L'évolution des postes de consommation diffère selon les catégories de ménages. Pour l'alimentation, une convergence s'est opérée au cours des trente dernières années : en 1979, les 20 % des ménages les plus modestes consacraient 35 % de leur budget à l'alimentation et les 20 % les plus aisés 18 %, soit une différence de 17 points. En 2011, l'écart n'est plus que de 4 points (tableau 1). Le constat est identique lorsqu'on compare les structures de consommation des différentes catégories socioprofessionnelles : chez les ménages d'ouvriers, la part des dépenses alimentaires est supérieure de 3,8 points à celle des cadres et des professions intellectuelles supérieures, contre 11 points en 1979. La part des dépenses consacrées à l'alimentation ne peut plus être, comme auparavant, considérée comme un bon indicateur du niveau de vie d'un ménage.

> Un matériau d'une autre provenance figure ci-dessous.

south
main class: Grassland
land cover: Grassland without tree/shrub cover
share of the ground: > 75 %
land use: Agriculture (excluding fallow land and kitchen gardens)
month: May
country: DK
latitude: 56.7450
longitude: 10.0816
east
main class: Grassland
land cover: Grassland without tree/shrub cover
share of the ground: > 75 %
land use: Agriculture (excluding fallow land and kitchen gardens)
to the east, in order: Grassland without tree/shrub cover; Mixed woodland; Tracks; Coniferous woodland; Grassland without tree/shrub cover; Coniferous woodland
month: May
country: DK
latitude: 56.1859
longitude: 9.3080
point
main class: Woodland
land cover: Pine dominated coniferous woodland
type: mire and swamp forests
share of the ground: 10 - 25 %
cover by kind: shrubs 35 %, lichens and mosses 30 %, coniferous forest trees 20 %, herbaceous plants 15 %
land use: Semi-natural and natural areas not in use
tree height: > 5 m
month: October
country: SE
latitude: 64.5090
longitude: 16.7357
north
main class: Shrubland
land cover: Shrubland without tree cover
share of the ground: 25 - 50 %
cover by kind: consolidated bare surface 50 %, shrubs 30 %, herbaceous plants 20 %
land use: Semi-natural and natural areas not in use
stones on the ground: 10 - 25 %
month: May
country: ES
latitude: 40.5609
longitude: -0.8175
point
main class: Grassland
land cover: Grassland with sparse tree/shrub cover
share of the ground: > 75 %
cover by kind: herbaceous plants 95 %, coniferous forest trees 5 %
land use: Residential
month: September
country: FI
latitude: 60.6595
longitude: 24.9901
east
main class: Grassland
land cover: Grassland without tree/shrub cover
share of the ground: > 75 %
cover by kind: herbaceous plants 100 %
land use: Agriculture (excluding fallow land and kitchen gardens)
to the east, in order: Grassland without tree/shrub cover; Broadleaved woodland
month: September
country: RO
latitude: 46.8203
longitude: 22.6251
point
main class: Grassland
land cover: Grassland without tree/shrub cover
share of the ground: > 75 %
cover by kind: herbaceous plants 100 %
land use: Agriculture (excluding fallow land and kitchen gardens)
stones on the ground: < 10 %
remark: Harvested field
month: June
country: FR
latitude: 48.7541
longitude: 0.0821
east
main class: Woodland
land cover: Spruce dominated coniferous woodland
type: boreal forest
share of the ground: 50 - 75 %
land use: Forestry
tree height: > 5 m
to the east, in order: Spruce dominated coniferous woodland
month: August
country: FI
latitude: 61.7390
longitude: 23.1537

À l'inverse, les disparités selon les groupes sociaux se sont accentuées pour les dépenses de logement (telles que mesurées dans l'enquête, c'est à dire hors loyers imputés) : en 2011, la part qu'y consacrent les cadres et professions intellectuelles supérieures est inférieure de 4 points à celle des ouvriers alors qu'elles étaient équivalentes en 1979.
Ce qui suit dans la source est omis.